▶ [Task goal]: Retype the listing exactly, minus its pictures.

·····

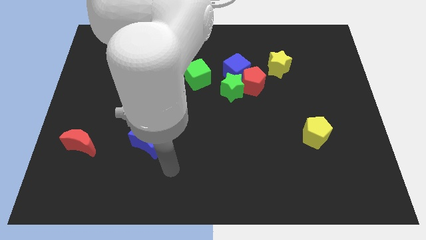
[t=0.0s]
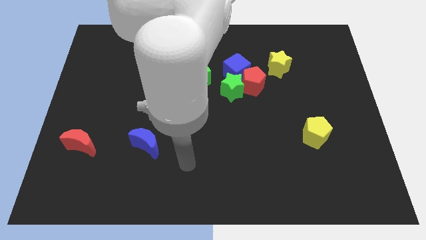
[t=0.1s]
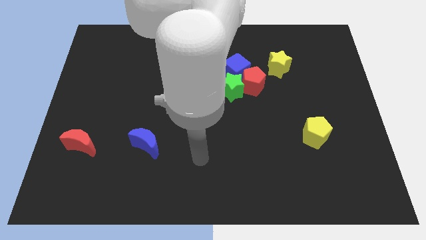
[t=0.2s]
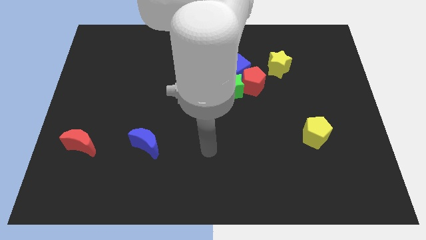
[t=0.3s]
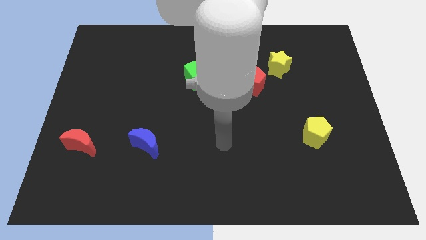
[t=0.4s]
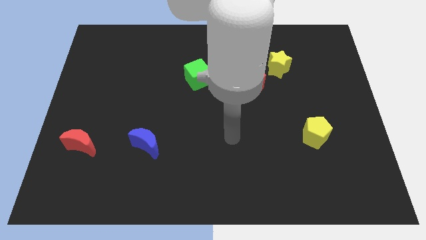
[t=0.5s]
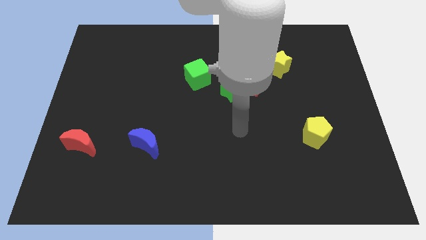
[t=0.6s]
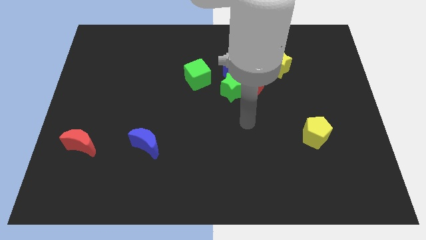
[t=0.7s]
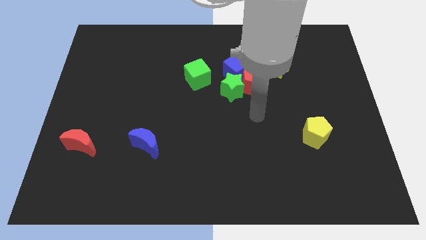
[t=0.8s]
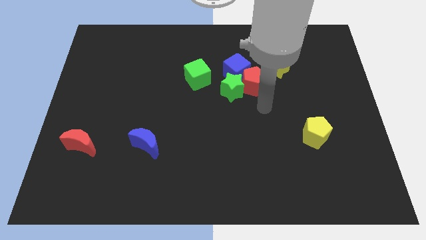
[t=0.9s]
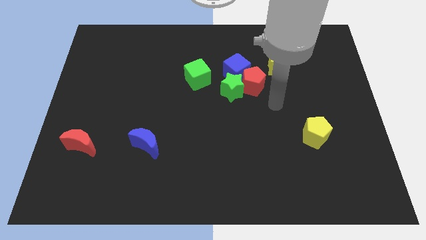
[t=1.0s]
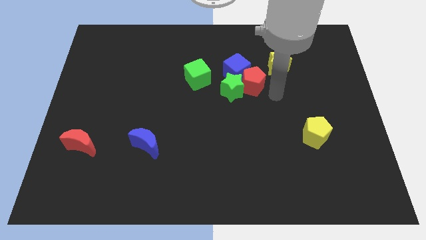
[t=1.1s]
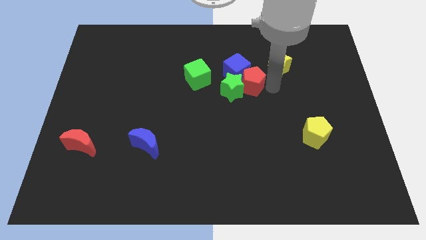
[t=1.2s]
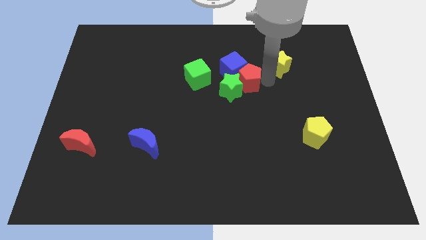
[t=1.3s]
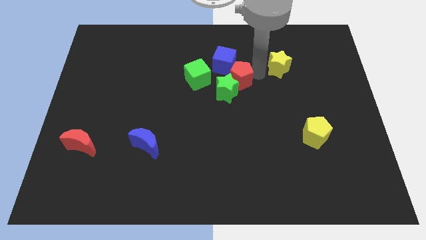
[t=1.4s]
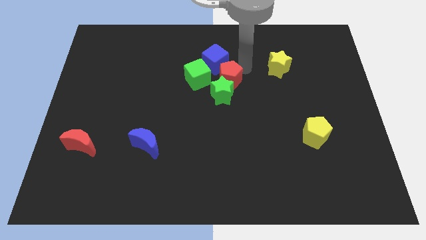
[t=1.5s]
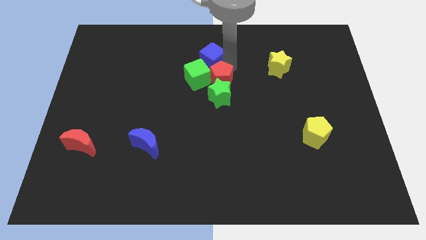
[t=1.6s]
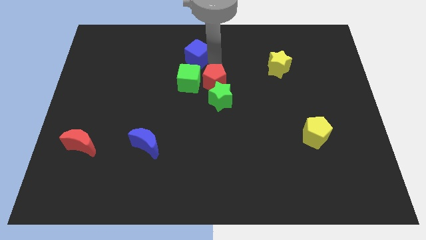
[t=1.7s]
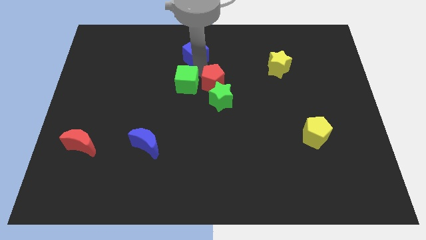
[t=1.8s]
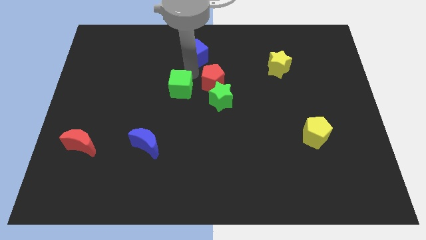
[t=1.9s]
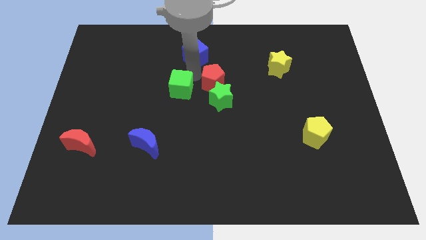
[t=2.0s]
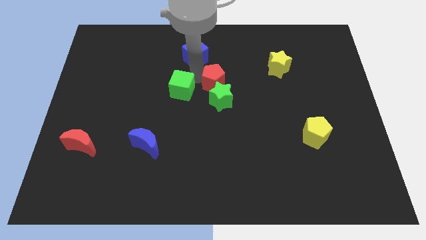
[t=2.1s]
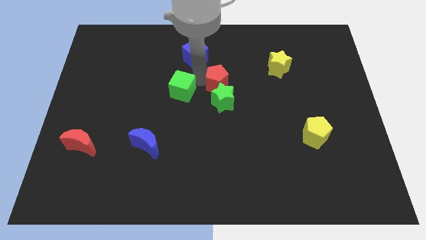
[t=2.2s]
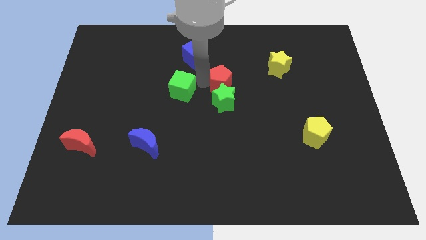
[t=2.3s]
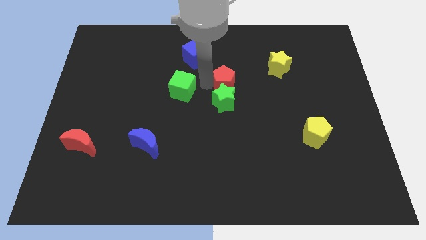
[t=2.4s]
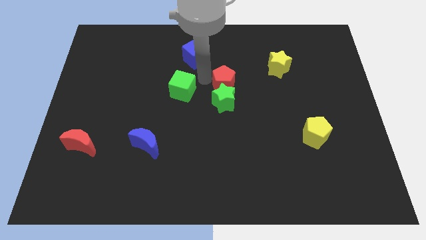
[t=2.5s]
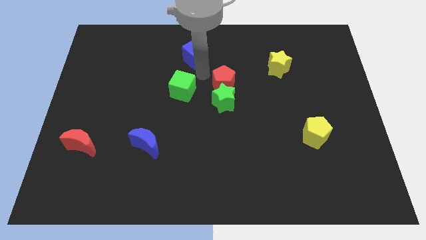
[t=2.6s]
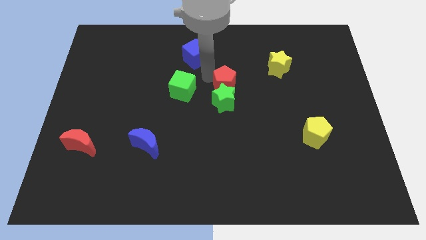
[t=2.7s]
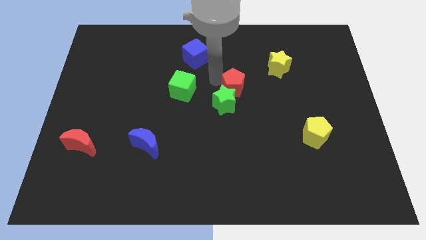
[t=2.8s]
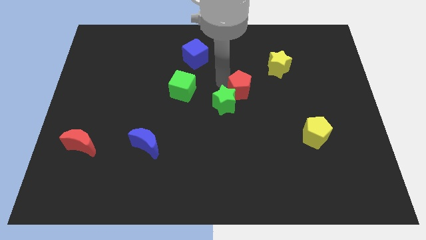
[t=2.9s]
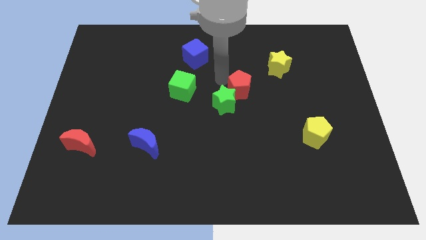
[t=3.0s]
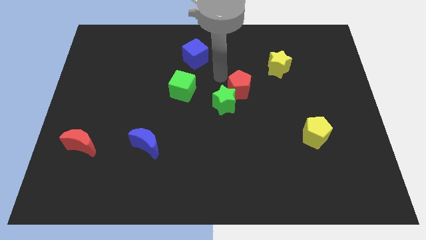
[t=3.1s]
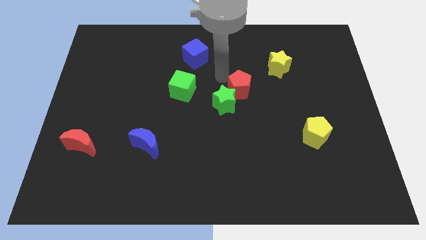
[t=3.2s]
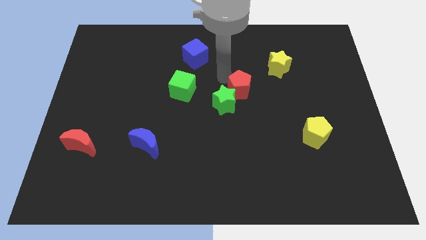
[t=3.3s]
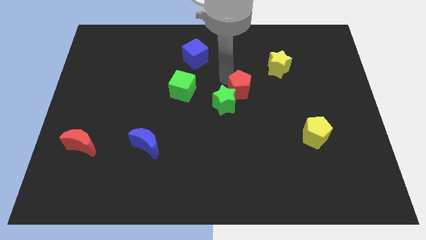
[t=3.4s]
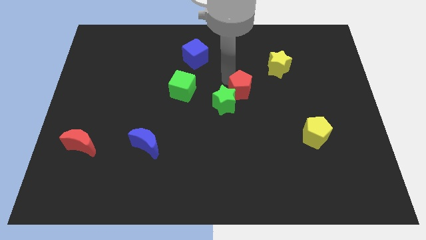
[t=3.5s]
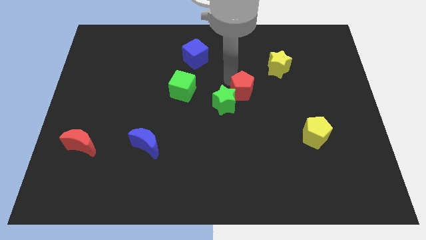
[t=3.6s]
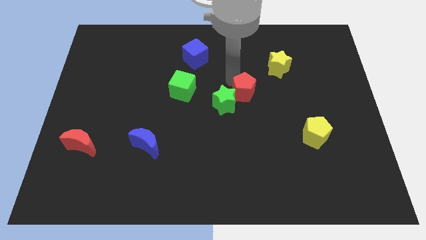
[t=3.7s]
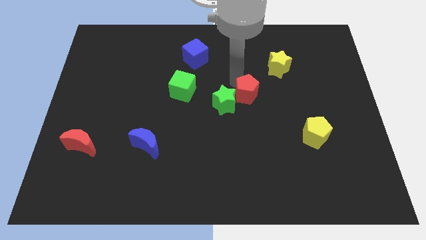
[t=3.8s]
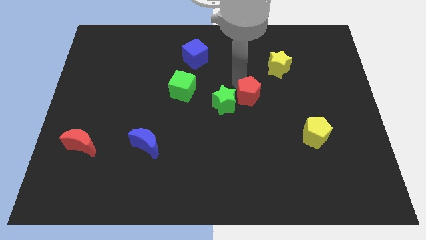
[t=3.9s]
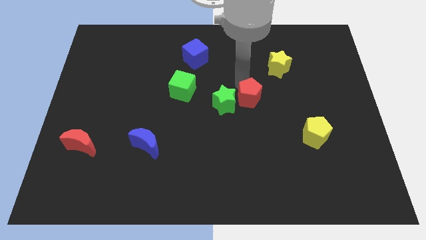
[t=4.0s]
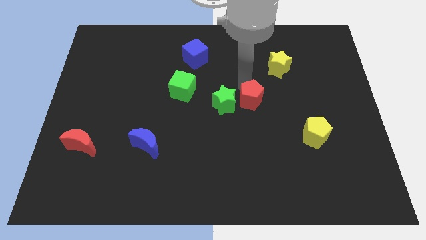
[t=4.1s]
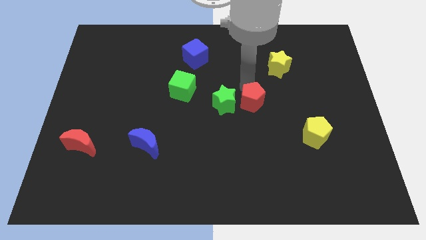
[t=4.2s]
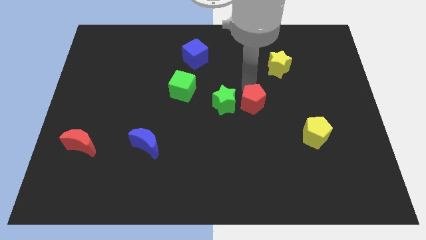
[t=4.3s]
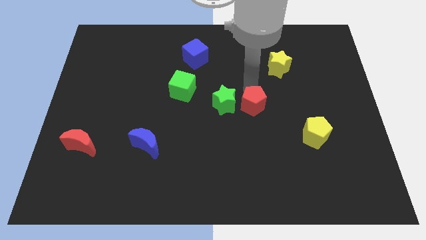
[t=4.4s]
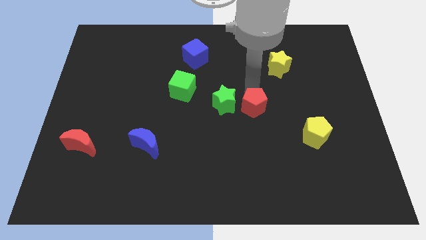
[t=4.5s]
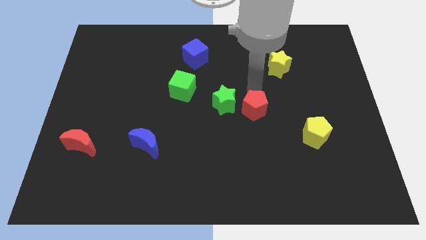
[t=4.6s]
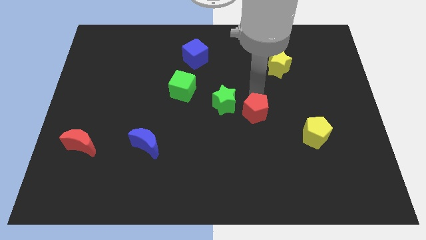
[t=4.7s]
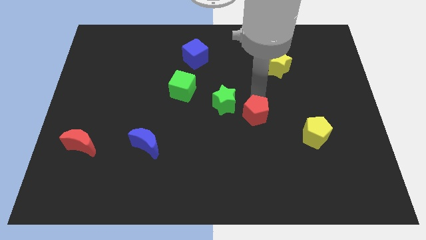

·····

▶ [Exercise solution]:
[t=0.0s]
[t=0.1s]
[t=0.2s]
[t=0.3s]
[t=0.4s]
[t=0.5s]
[t=0.6s]
[t=0.7s]
[t=0.8s]
[t=0.9s]
[t=1.0s]
[t=1.1s]
[t=1.2s]
[t=1.3s]
[t=1.4s]
[t=1.5s]
[t=1.6s]
[t=1.7s]
[t=1.8s]
[t=1.9s]
[t=2.0s]
[t=2.1s]
[t=2.2s]
[t=2.3s]
[t=2.4s]
[t=2.5s]
[t=2.6s]
[t=2.7s]
[t=2.8s]
[t=2.9s]
[t=3.0s]
[t=3.1s]
[t=3.2s]
[t=3.3s]
[t=3.4s]
[t=3.5s]
[t=3.6s]
[t=3.7s]
[t=3.8s]
[t=3.9s]
[t=4.0s]
[t=4.1s]
[t=4.2s]
[t=4.3s]
[t=4.4s]
[t=4.5s]
[t=4.6s]
[t=4.7s]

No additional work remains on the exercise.